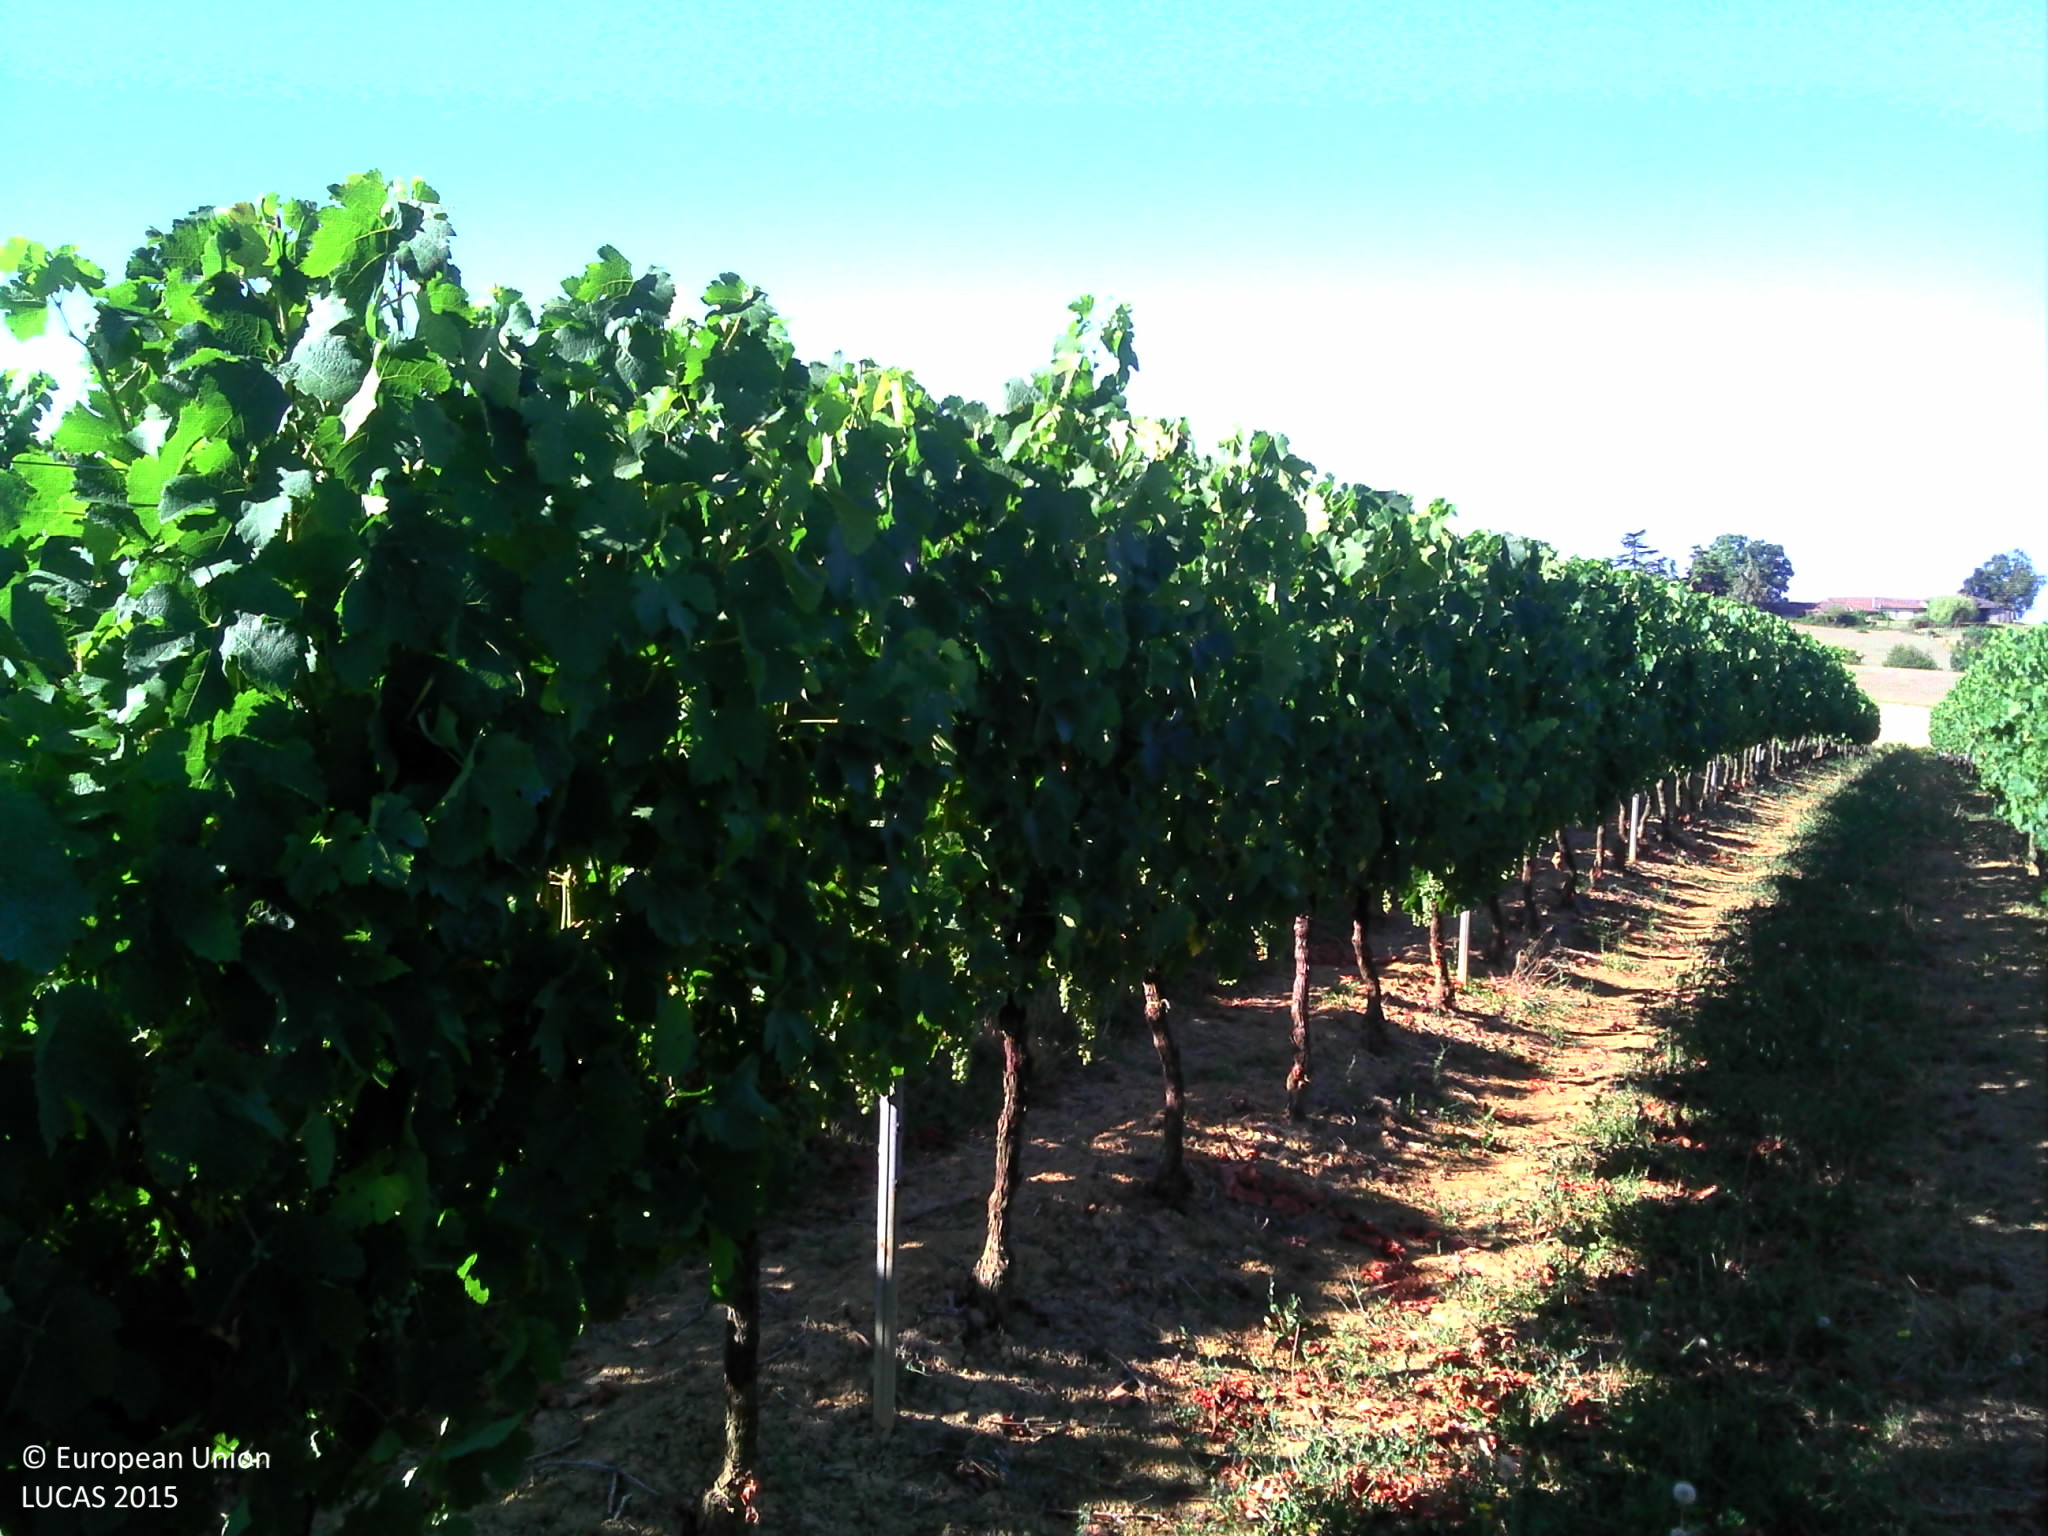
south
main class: Cropland
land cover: Vineyards
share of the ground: 10 - 25 %
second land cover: Grassland without tree/shrub cover
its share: 10 - 25 %
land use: Agriculture (excluding fallow land and kitchen gardens)
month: July
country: FR
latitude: 44.5347
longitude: 0.5414
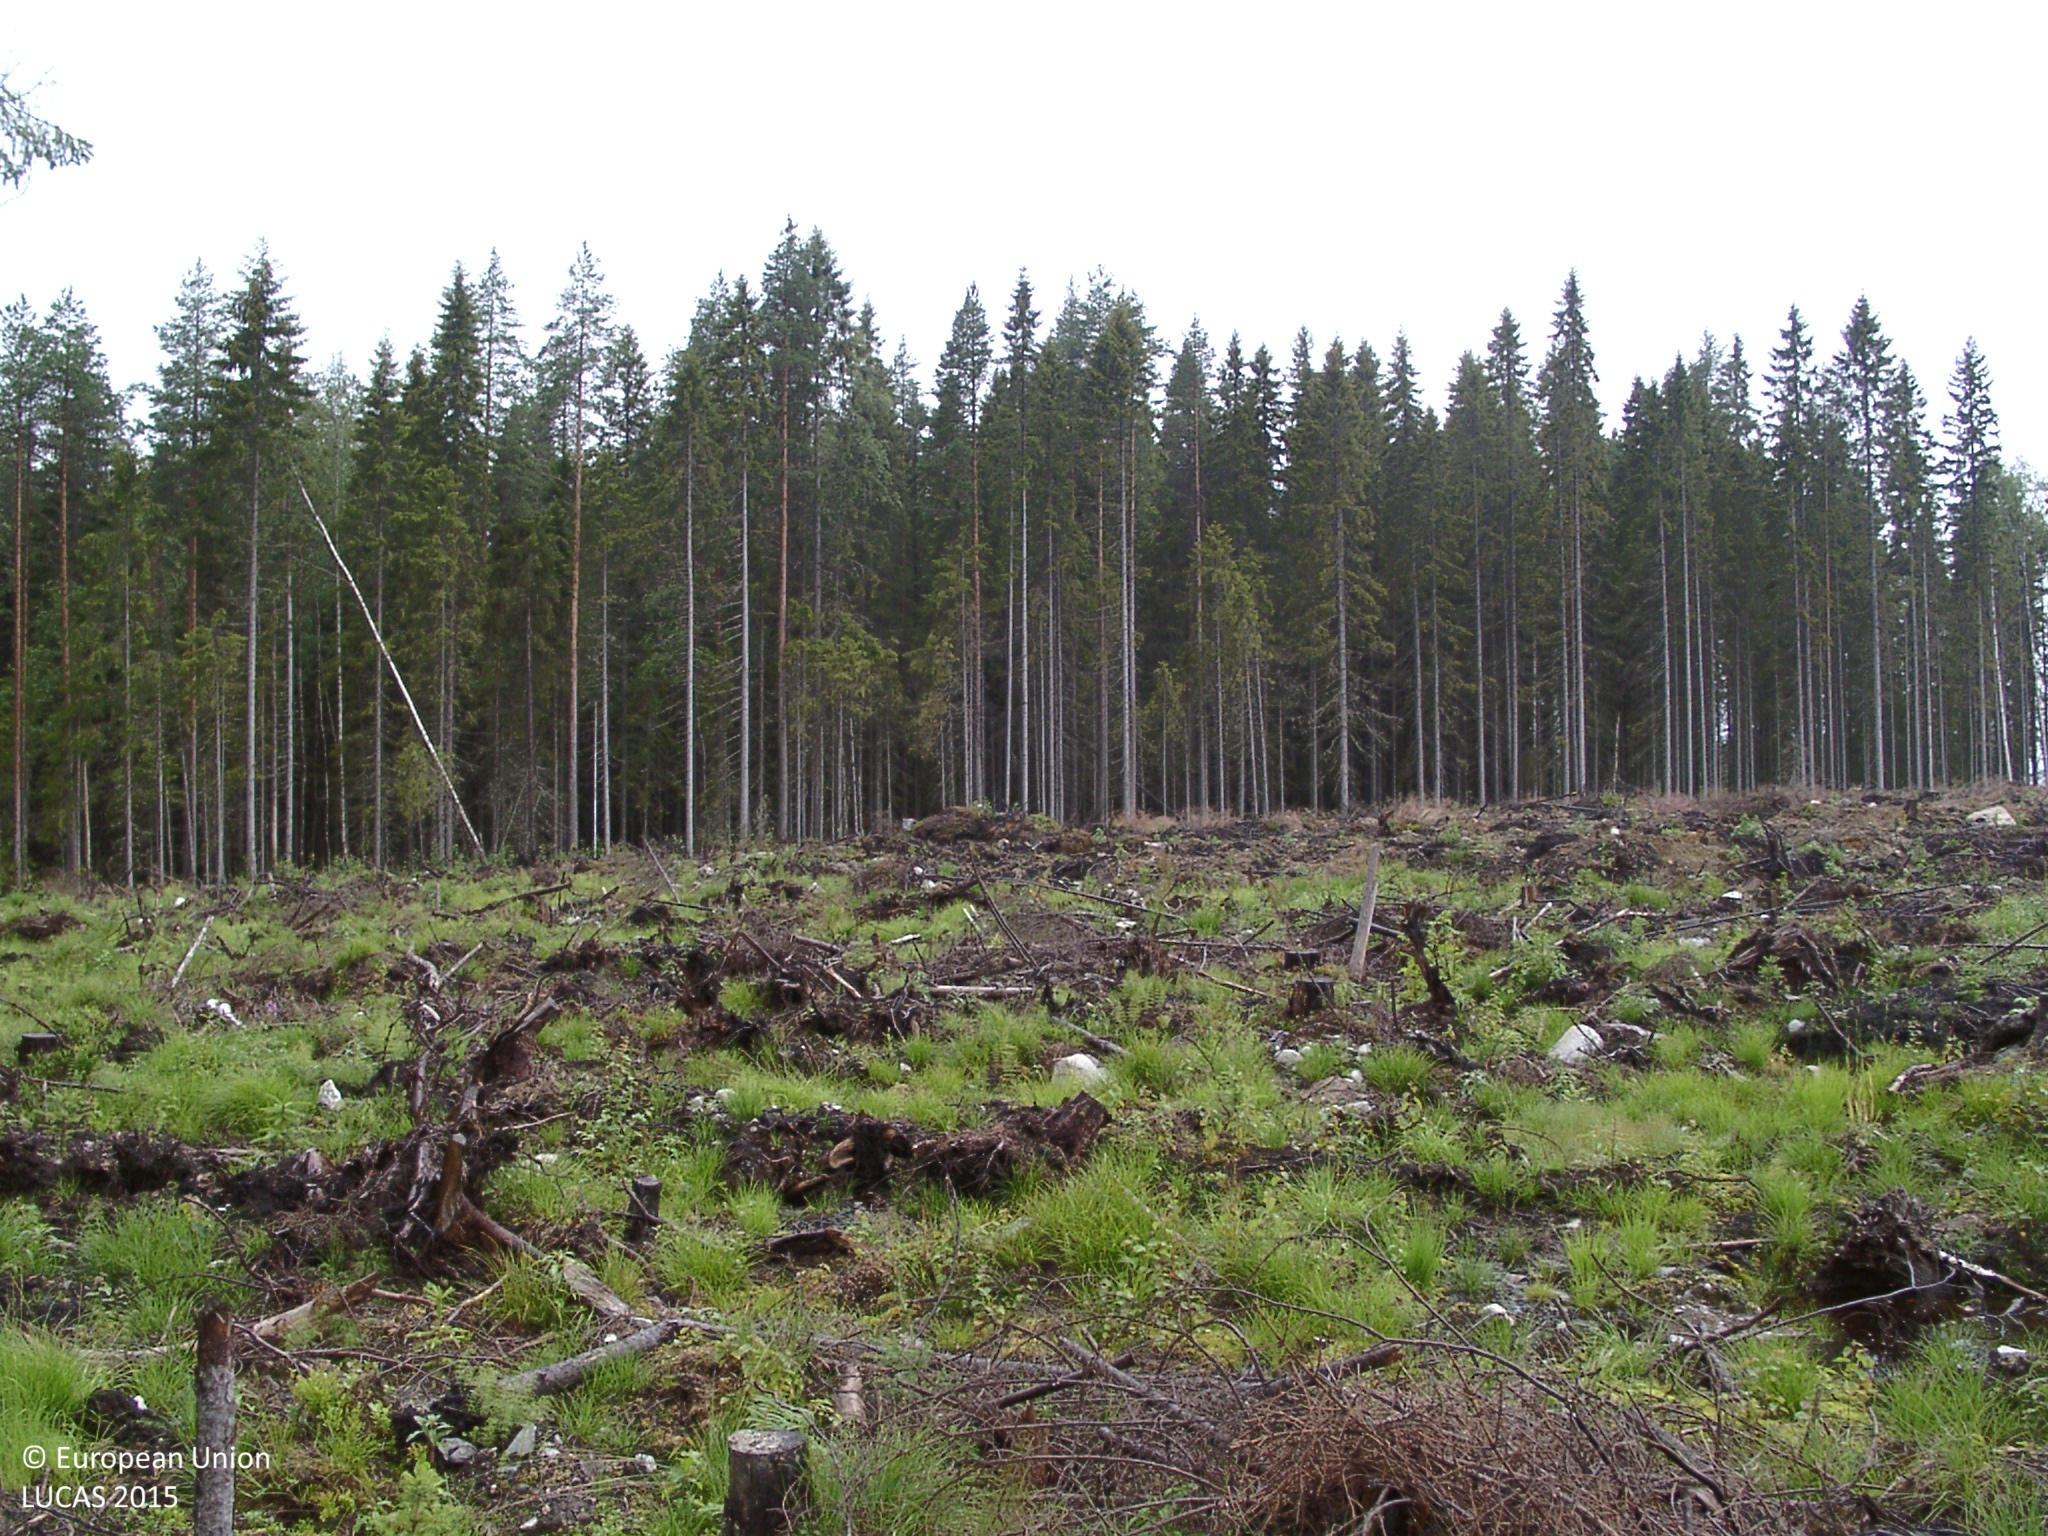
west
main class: Grassland
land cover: Grassland with sparse tree/shrub cover
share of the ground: 25 - 50 %
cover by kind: herbaceous plants 25 %, unconsolidated bare surface 25 %, lichens and mosses 10 %, broadleaved forest trees 5 %
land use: Forestry
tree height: < 5 m
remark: Nursery
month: August
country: FI
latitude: 62.8128
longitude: 24.6264
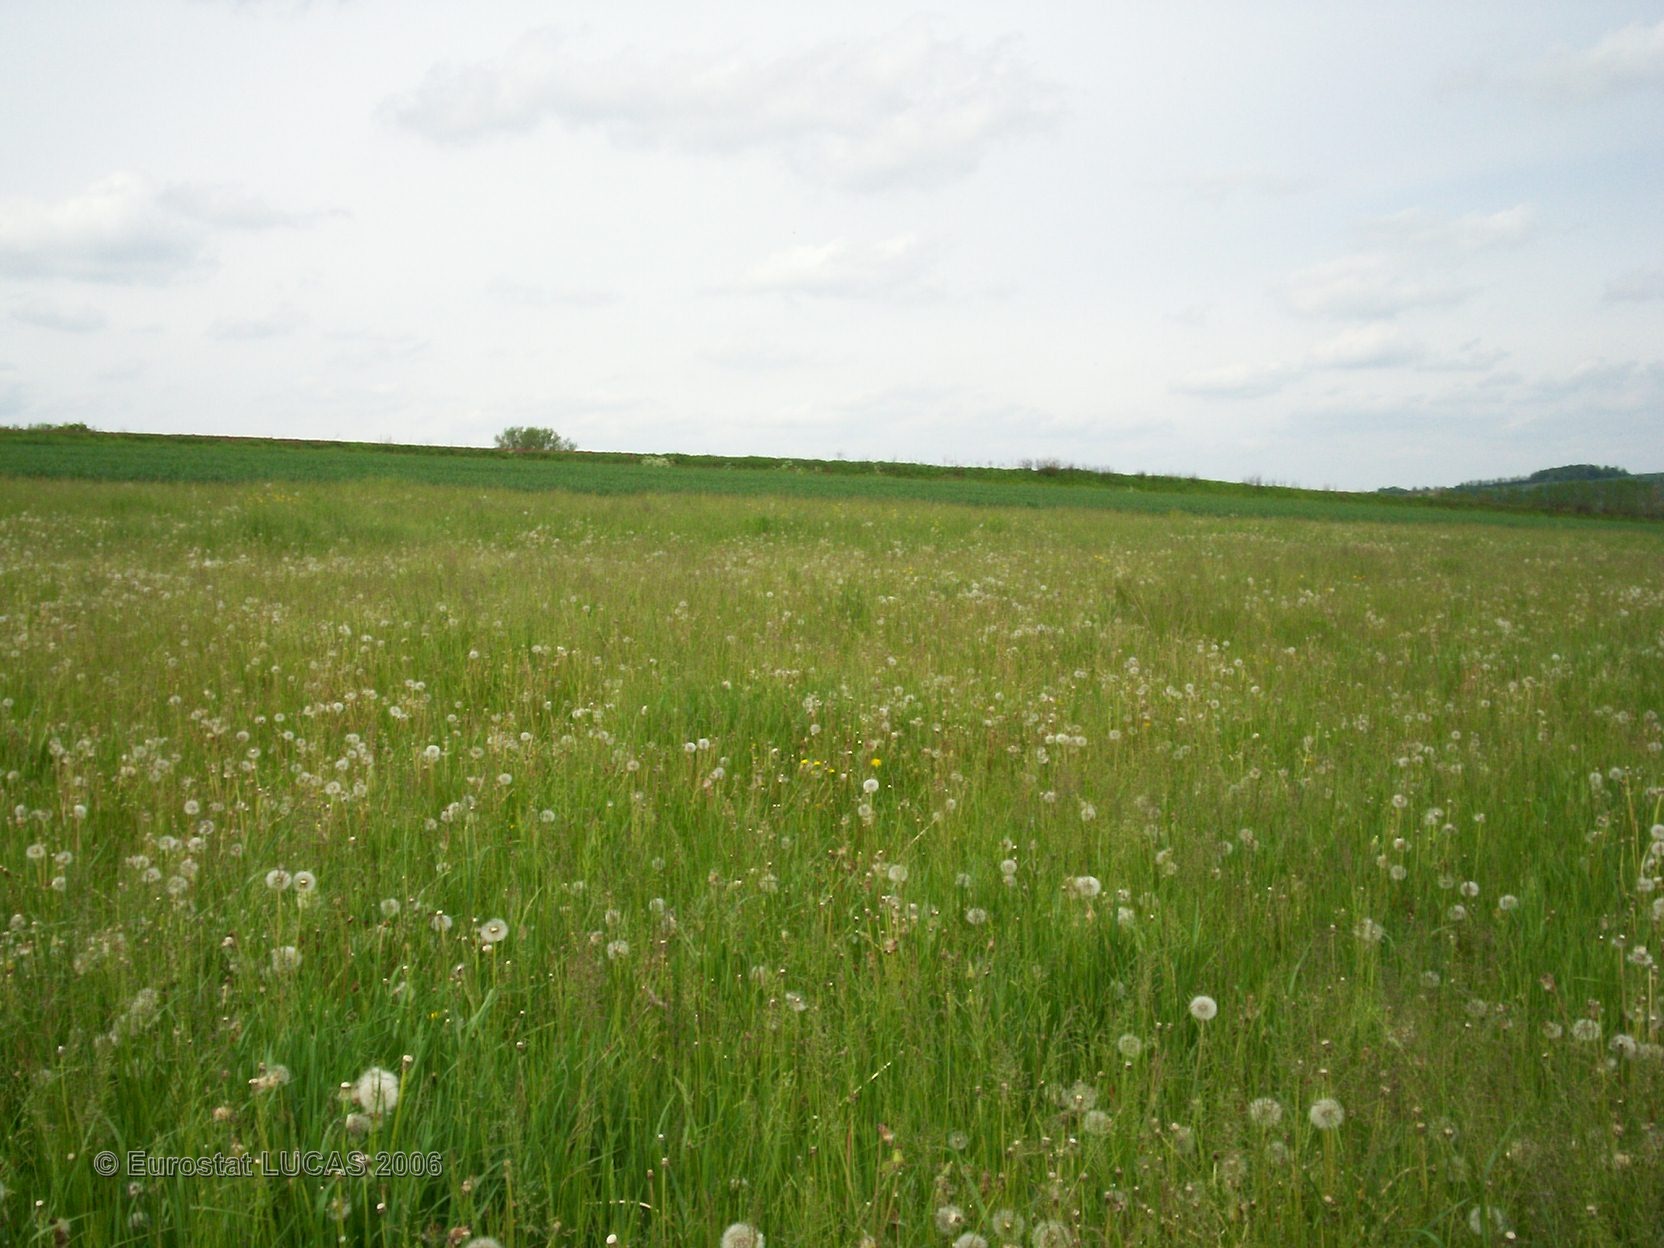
★ ★ ★
# [To do]
Set down the records in full and exactly. Do not carry over any image.

# [Task response]
south
main class: Cropland
land cover: Vineyards
share of the ground: 10 - 25 %
second land cover: Grassland without tree/shrub cover
its share: 10 - 25 %
land use: Agriculture (excluding fallow land and kitchen gardens)
month: July
country: FR
latitude: 44.5347
longitude: 0.5414
west
main class: Grassland
land cover: Grassland with sparse tree/shrub cover
share of the ground: 25 - 50 %
cover by kind: herbaceous plants 25 %, unconsolidated bare surface 25 %, lichens and mosses 10 %, broadleaved forest trees 5 %
land use: Forestry
tree height: < 5 m
remark: Nursery
month: August
country: FI
latitude: 62.8128
longitude: 24.6264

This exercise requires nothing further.